== GIVEN INFORMATION

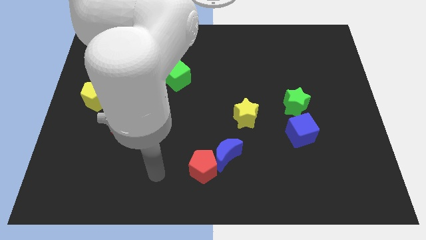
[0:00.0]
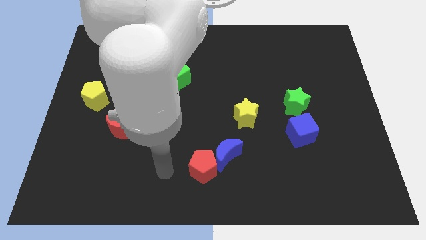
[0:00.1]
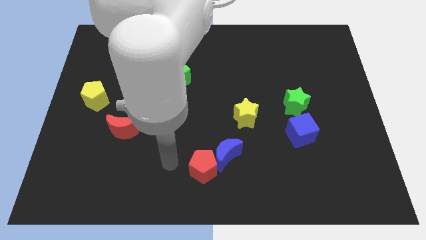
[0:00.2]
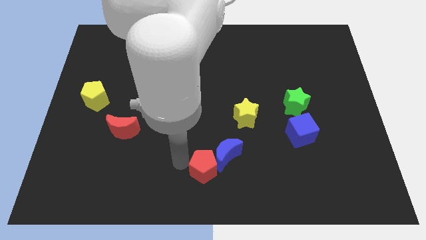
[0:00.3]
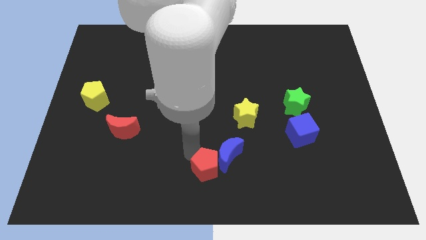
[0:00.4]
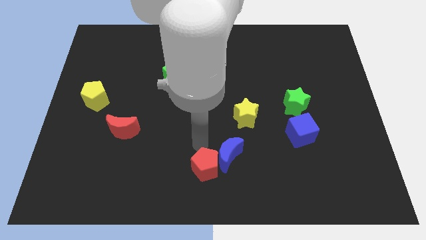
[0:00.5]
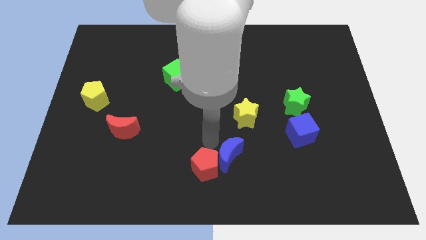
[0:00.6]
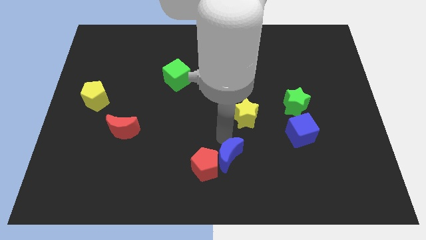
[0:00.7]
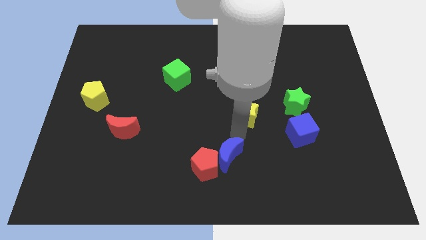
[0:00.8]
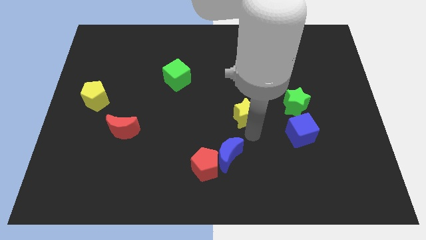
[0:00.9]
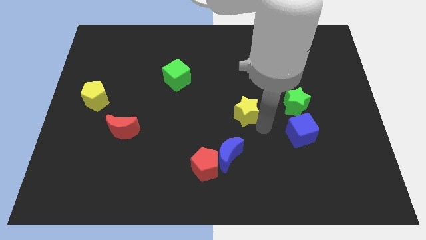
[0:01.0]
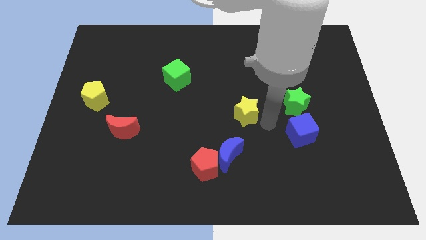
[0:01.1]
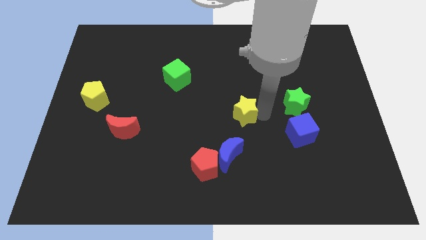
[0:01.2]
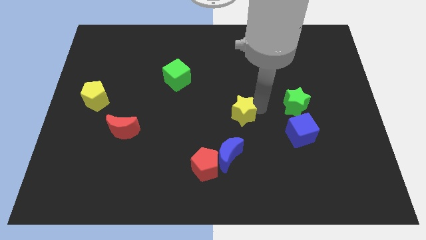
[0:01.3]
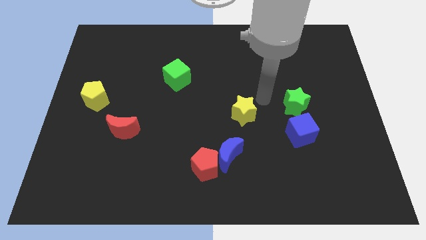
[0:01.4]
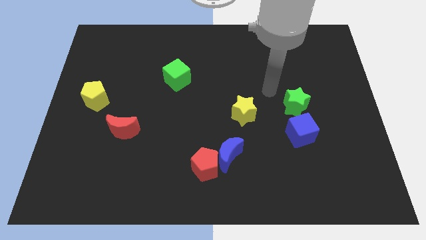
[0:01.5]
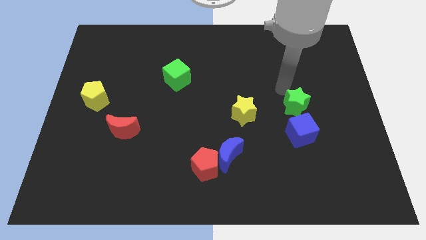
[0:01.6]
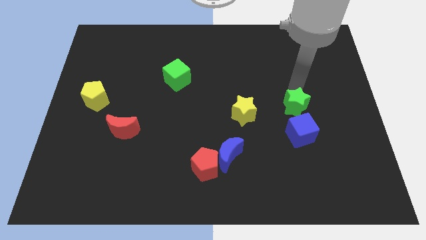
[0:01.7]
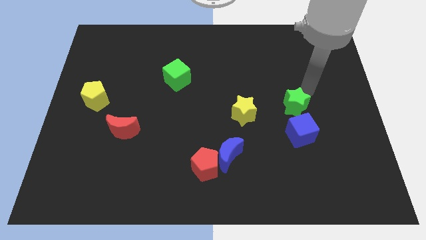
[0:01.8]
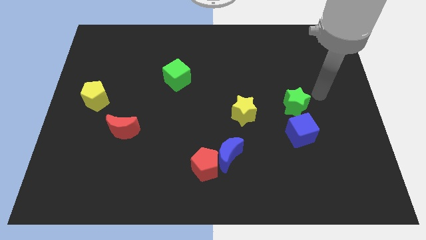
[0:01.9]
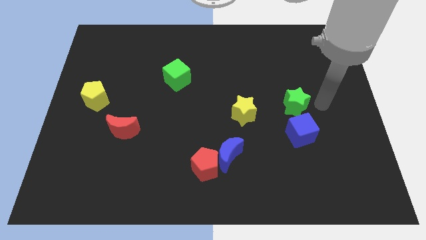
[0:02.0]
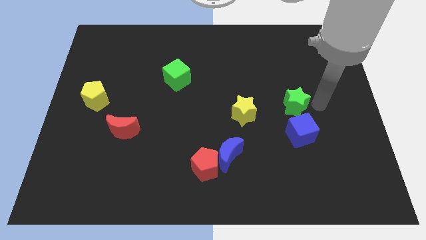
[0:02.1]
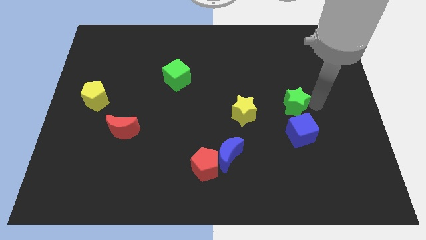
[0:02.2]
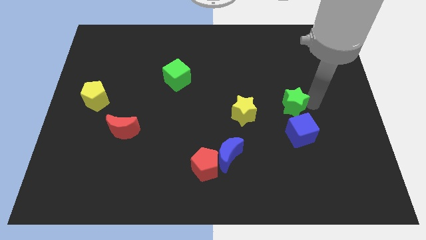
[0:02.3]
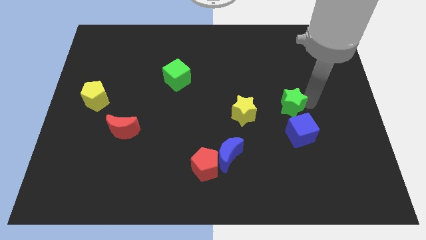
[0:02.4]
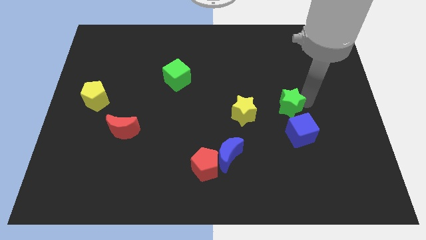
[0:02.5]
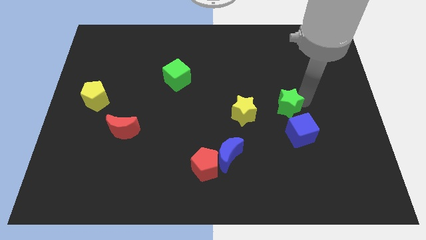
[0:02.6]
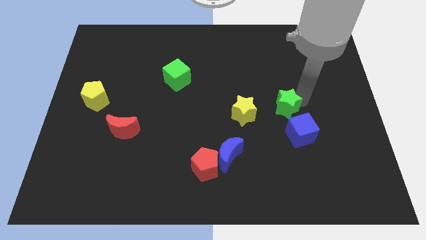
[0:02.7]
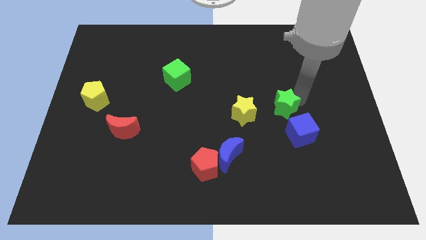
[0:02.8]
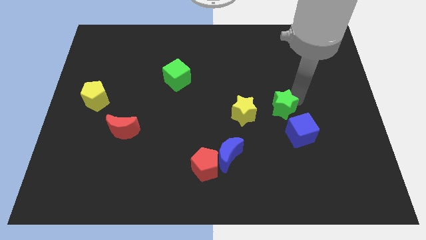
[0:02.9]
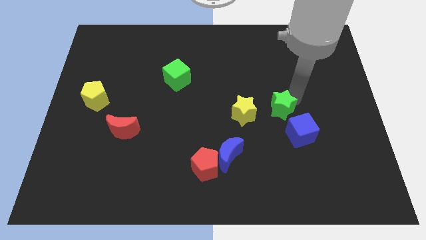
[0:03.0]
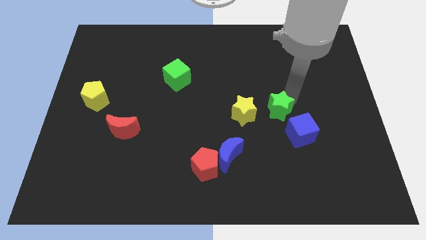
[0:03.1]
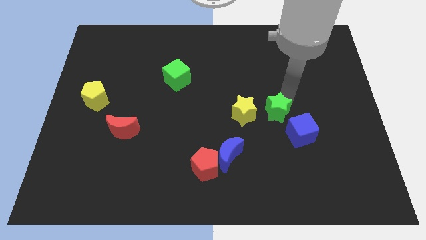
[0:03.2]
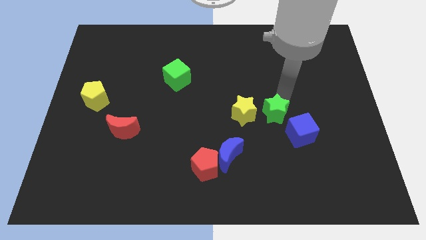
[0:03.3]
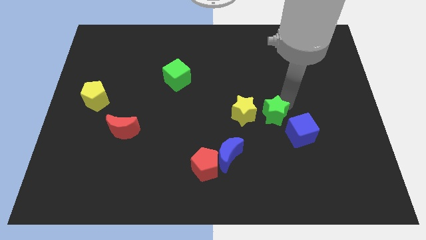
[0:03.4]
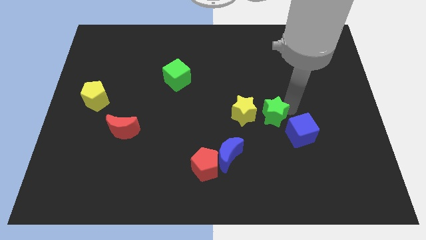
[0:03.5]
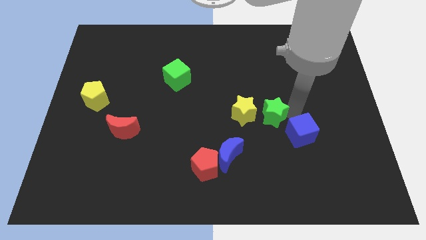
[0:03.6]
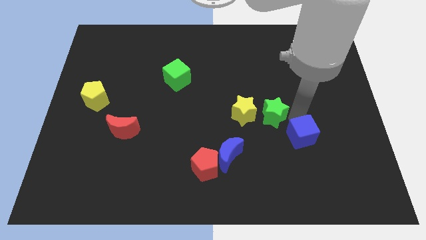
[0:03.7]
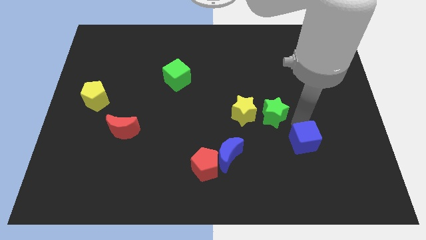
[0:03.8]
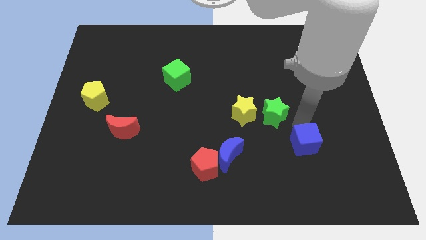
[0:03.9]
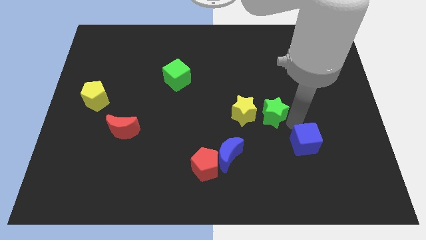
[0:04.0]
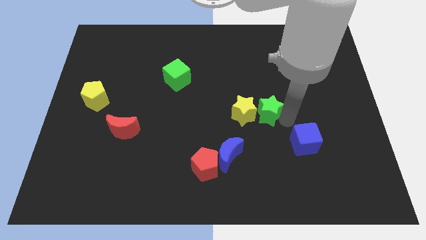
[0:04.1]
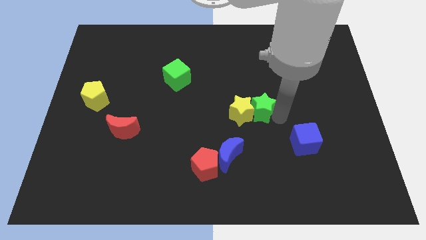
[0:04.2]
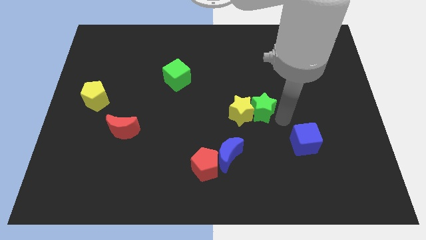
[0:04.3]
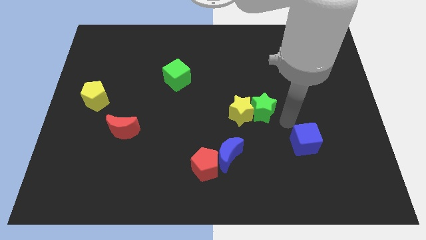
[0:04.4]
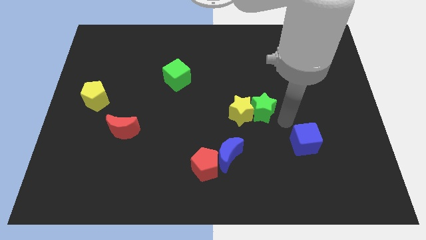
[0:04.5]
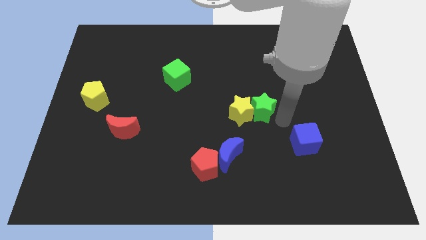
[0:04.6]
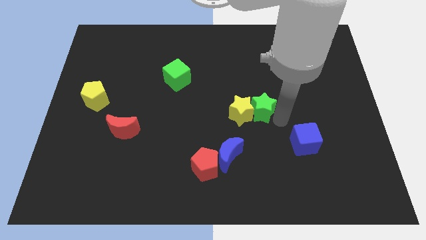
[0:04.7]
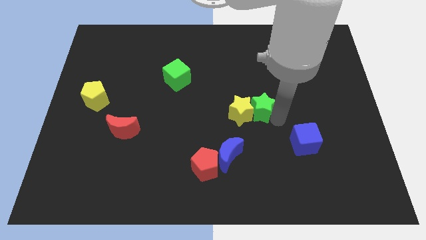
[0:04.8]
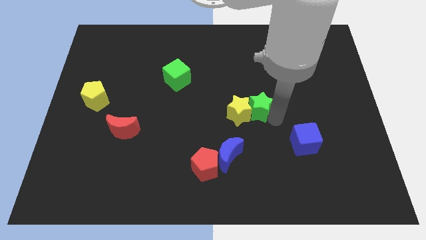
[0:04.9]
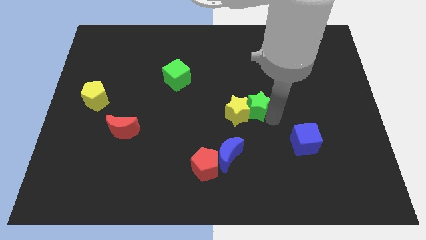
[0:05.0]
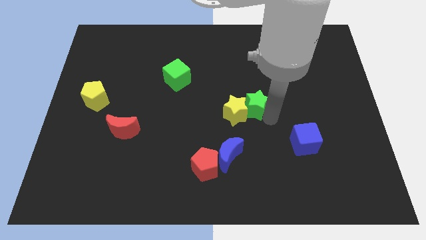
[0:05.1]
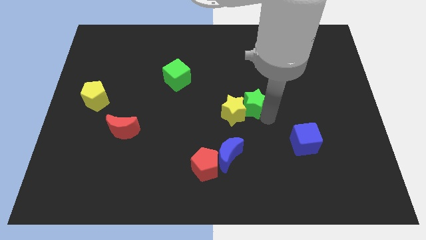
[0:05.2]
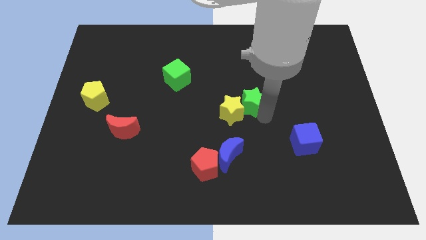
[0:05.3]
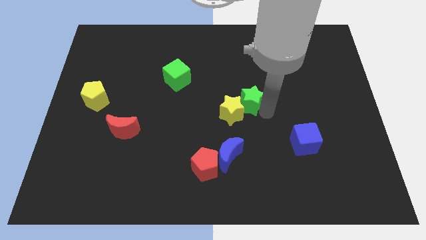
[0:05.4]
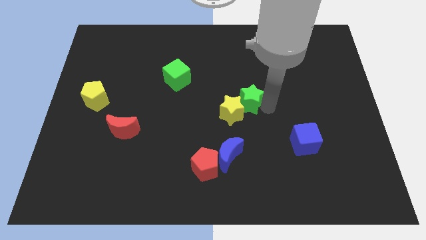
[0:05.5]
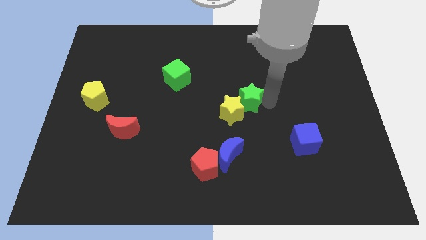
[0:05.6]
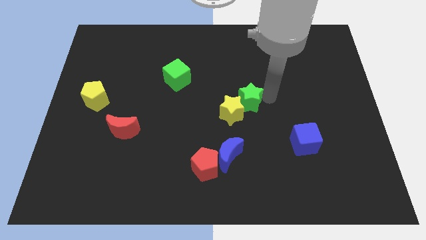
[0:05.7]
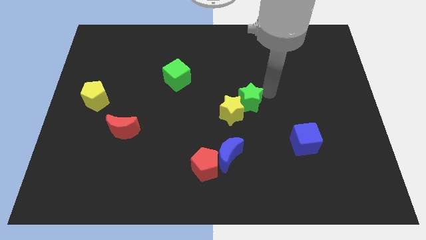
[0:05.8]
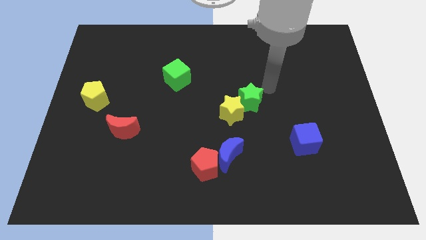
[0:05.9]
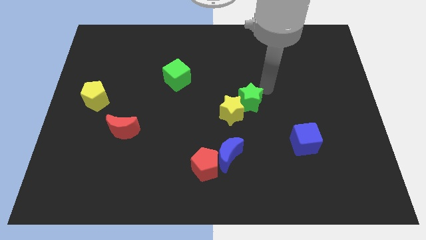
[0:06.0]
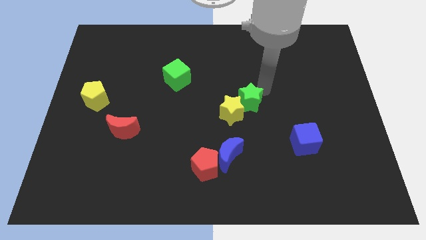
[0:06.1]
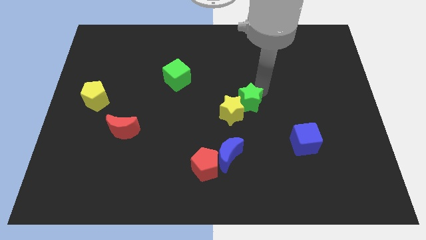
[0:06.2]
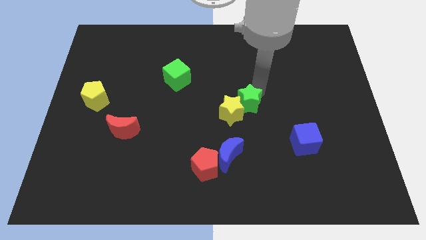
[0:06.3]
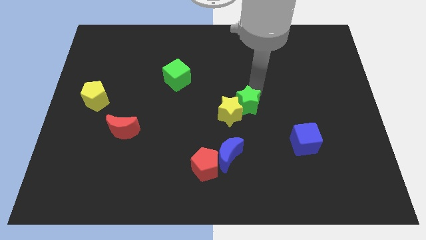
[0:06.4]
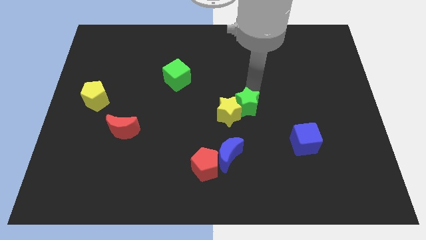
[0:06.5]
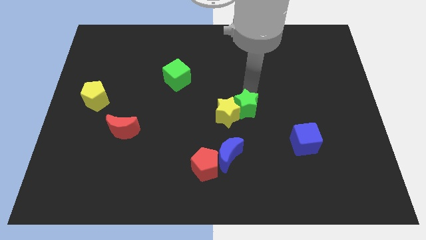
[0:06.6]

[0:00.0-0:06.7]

====

(WORK REQUEST):
Apart from the pictures, repeat the data above exactly.

(REPLY TO THE TASK):
[0:00.0]
[0:00.1]
[0:00.2]
[0:00.3]
[0:00.4]
[0:00.5]
[0:00.6]
[0:00.7]
[0:00.8]
[0:00.9]
[0:01.0]
[0:01.1]
[0:01.2]
[0:01.3]
[0:01.4]
[0:01.5]
[0:01.6]
[0:01.7]
[0:01.8]
[0:01.9]
[0:02.0]
[0:02.1]
[0:02.2]
[0:02.3]
[0:02.4]
[0:02.5]
[0:02.6]
[0:02.7]
[0:02.8]
[0:02.9]
[0:03.0]
[0:03.1]
[0:03.2]
[0:03.3]
[0:03.4]
[0:03.5]
[0:03.6]
[0:03.7]
[0:03.8]
[0:03.9]
[0:04.0]
[0:04.1]
[0:04.2]
[0:04.3]
[0:04.4]
[0:04.5]
[0:04.6]
[0:04.7]
[0:04.8]
[0:04.9]
[0:05.0]
[0:05.1]
[0:05.2]
[0:05.3]
[0:05.4]
[0:05.5]
[0:05.6]
[0:05.7]
[0:05.8]
[0:05.9]
[0:06.0]
[0:06.1]
[0:06.2]
[0:06.3]
[0:06.4]
[0:06.5]
[0:06.6]

[0:00.0-0:06.7]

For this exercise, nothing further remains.